[PROVIDED DATA]
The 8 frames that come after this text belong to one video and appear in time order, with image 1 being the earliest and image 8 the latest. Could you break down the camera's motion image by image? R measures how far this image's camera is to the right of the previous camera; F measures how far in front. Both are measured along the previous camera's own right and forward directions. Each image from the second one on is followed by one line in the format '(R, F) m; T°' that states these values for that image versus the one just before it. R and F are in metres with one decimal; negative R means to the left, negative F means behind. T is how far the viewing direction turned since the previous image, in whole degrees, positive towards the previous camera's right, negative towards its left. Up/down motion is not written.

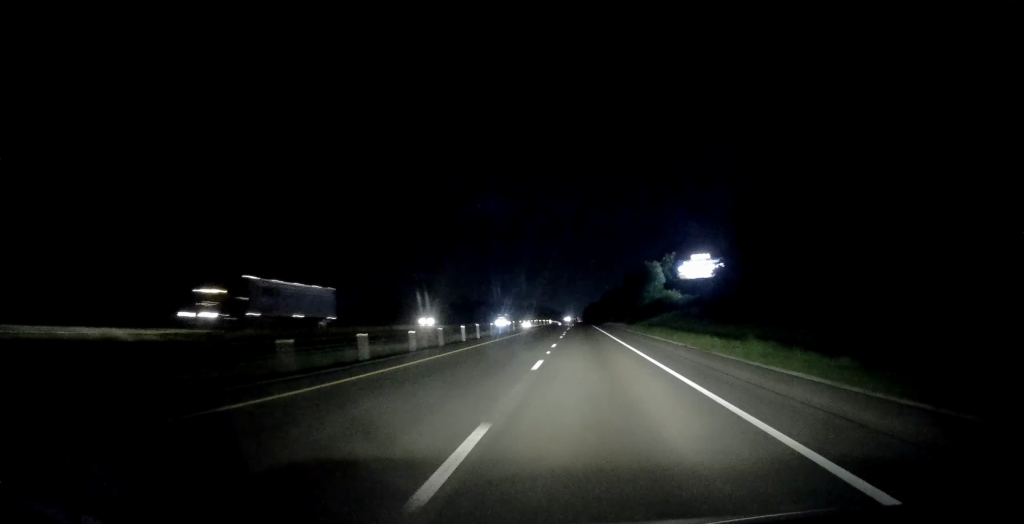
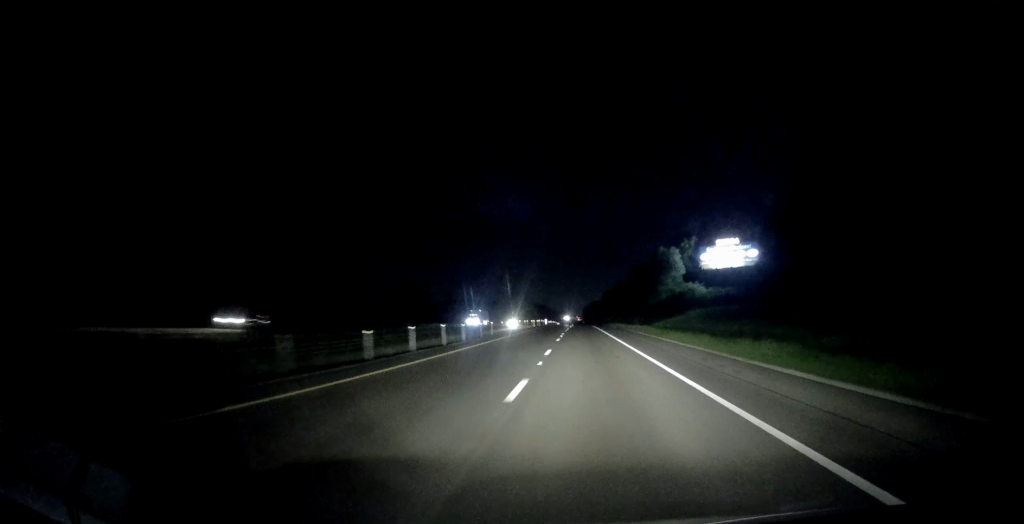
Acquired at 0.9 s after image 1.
(+0.4, +30.3) m; 0°
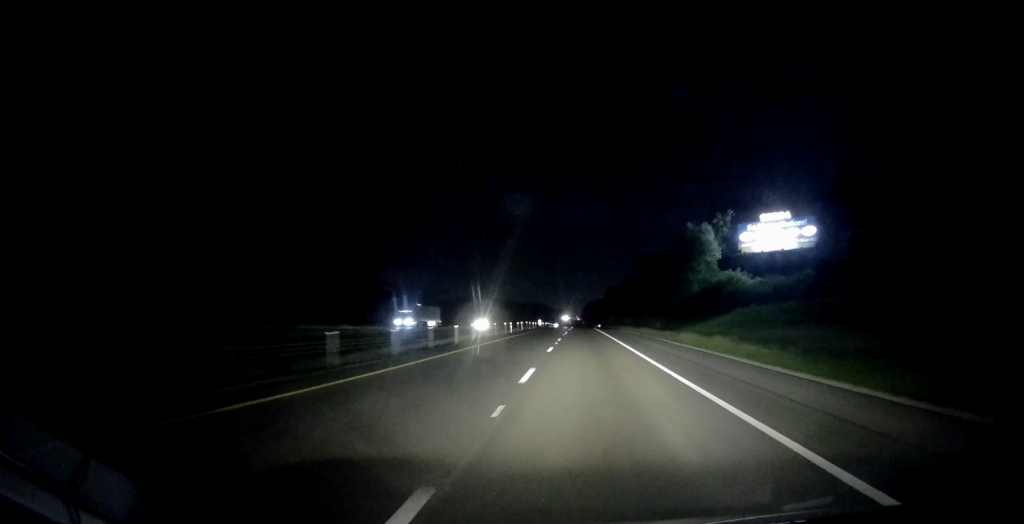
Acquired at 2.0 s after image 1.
(-0.3, +33.5) m; -1°
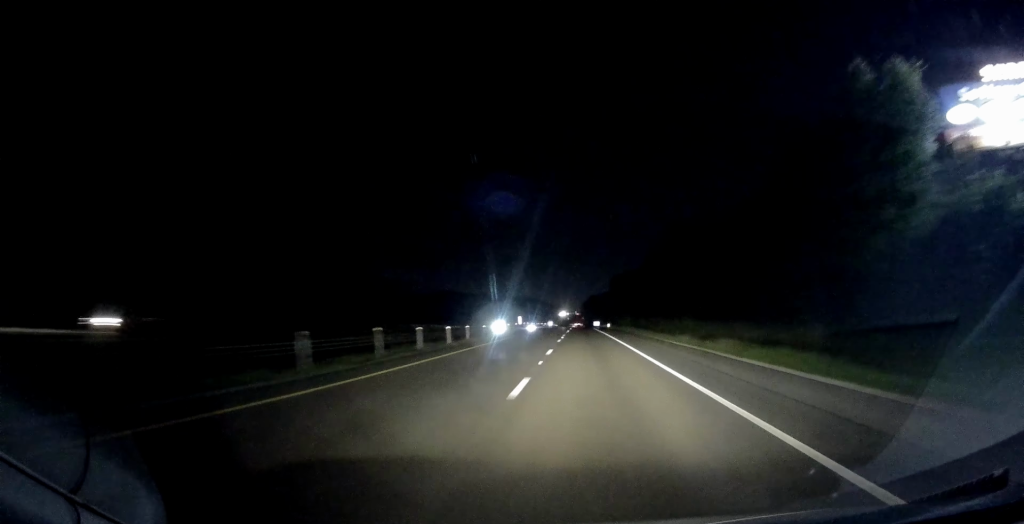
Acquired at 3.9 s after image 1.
(+0.2, +62.7) m; +1°
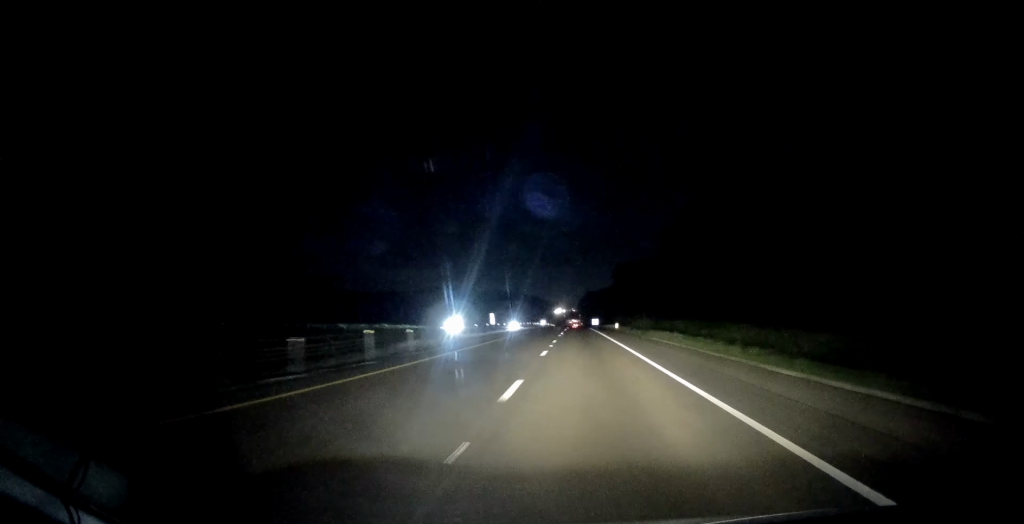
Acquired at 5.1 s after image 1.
(+0.1, +37.9) m; -1°
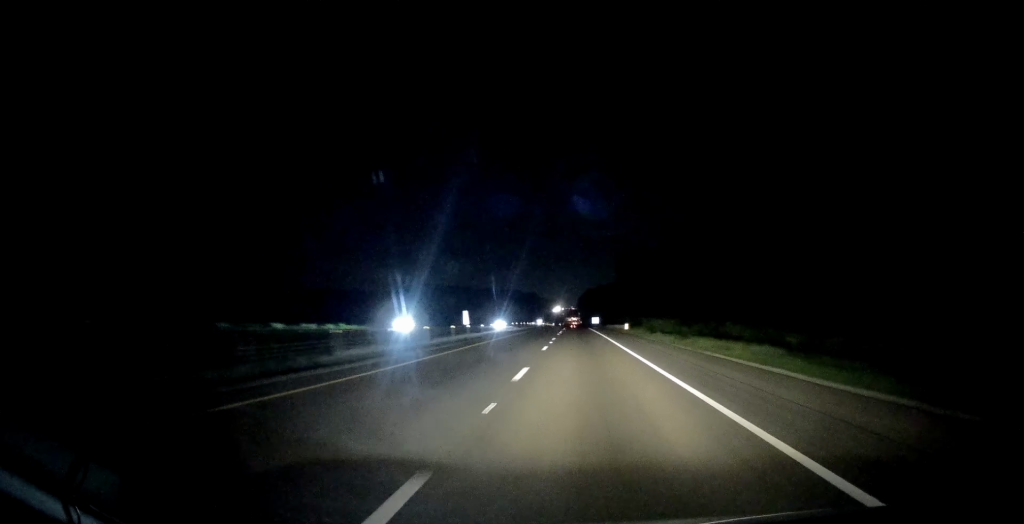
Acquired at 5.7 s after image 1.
(-0.2, +20.5) m; 0°
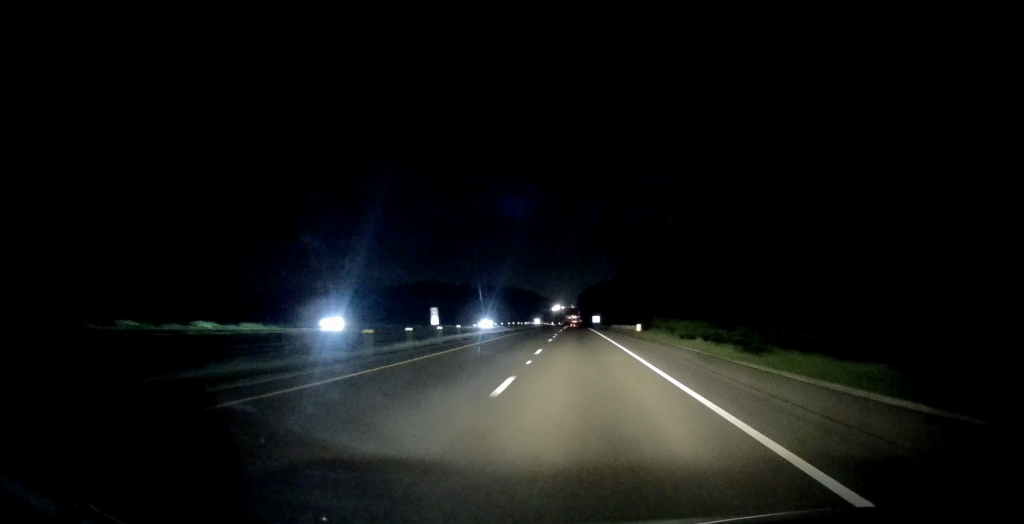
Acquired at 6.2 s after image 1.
(-0.3, +15.1) m; 0°
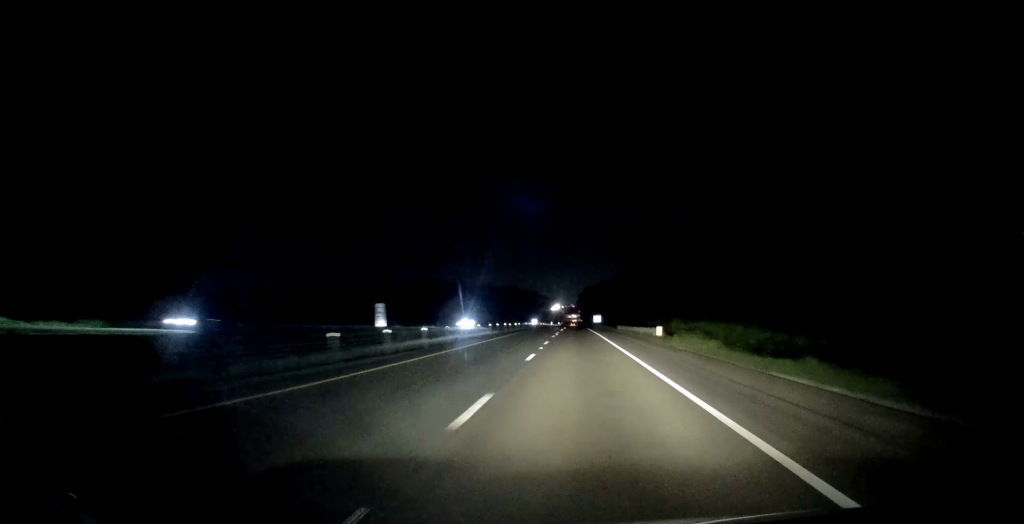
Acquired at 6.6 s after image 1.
(+0.3, +15.2) m; 0°

[ABOUT THIS EXERCISE] With the pictures removed, return the listing above in its exact original wording.

[RESULT OF THE EXERCISE]
The 8 frames that come after this text belong to one video and appear in time order, with image 1 being the earliest and image 8 the latest. Could you break down the camera's motion image by image? R measures how far this image's camera is to the right of the previous camera; F measures how far in front. Both are measured along the previous camera's own right and forward directions. Each image from the second one on is followed by one line in the format '(R, F) m; T°' that states these values for that image versus the one just before it. R and F are in metres with one decimal; negative R means to the left, negative F means behind. T is how far the viewing direction turned since the previous image, in whole degrees, positive towards the previous camera's right, negative towards its left. Up/down motion is not written.

Acquired at 0.9 s after image 1.
(+0.4, +30.3) m; 0°
Acquired at 2.0 s after image 1.
(-0.3, +33.5) m; -1°
Acquired at 3.9 s after image 1.
(+0.2, +62.7) m; +1°
Acquired at 5.1 s after image 1.
(+0.1, +37.9) m; -1°
Acquired at 5.7 s after image 1.
(-0.2, +20.5) m; 0°
Acquired at 6.2 s after image 1.
(-0.3, +15.1) m; 0°
Acquired at 6.6 s after image 1.
(+0.3, +15.2) m; 0°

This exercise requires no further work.